> **Task brief**: Throughout the entries below, report every line where "baseline" is found.

Saved data entries:

━━━━━━

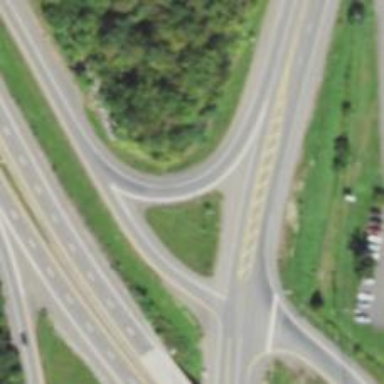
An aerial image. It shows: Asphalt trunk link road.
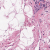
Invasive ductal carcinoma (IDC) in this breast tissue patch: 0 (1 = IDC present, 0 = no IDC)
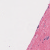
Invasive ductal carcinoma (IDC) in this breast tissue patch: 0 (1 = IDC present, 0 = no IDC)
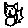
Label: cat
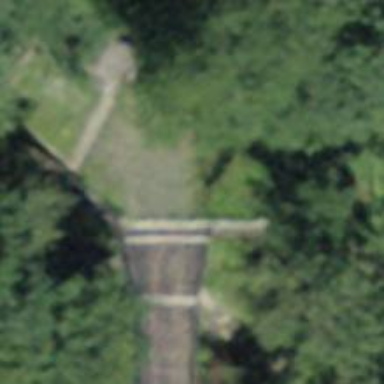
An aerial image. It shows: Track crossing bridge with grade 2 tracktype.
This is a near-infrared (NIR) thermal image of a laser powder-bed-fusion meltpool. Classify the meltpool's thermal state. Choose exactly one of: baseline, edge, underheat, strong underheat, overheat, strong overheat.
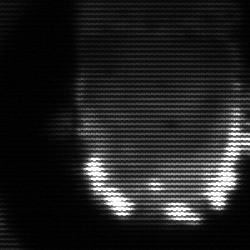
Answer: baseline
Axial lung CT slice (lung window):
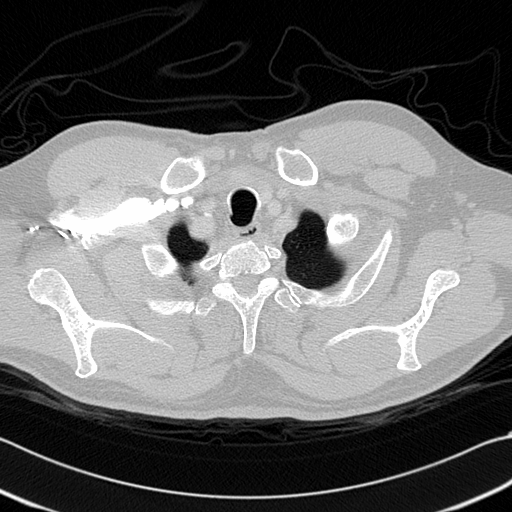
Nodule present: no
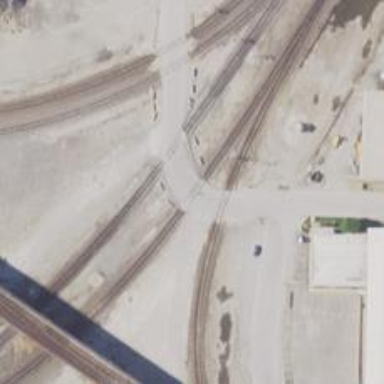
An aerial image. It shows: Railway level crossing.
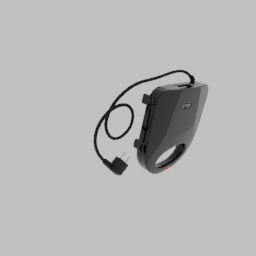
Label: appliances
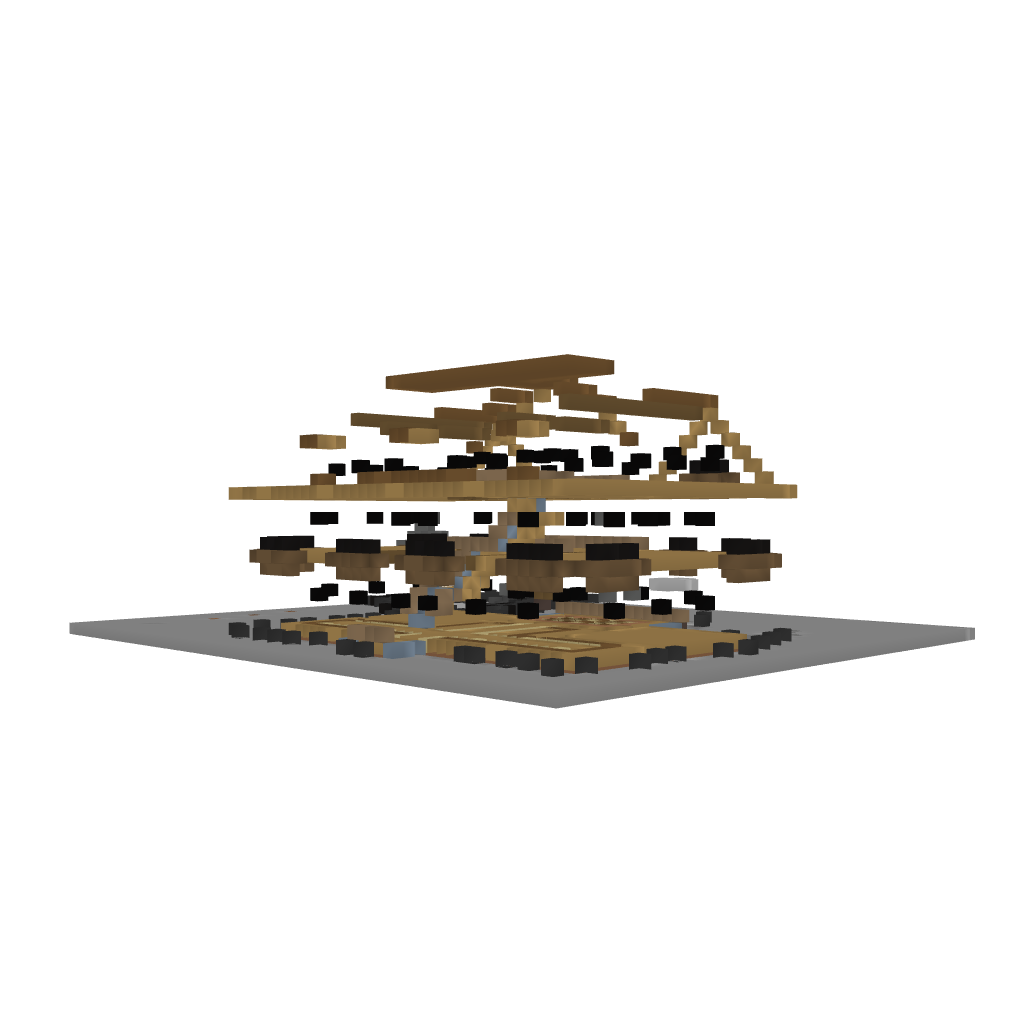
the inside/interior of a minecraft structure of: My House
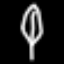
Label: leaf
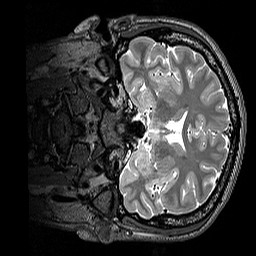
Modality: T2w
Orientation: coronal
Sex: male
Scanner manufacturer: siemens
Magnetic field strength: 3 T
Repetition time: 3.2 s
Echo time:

━━━━━━

> **Answer for this exercise**:
This is a near-infrared (NIR) thermal image of a laser powder-bed-fusion meltpool. Classify the meltpool's thermal state. Choose exactly one of: baseline, edge, underheat, strong underheat, overheat, strong overheat.
Answer: baseline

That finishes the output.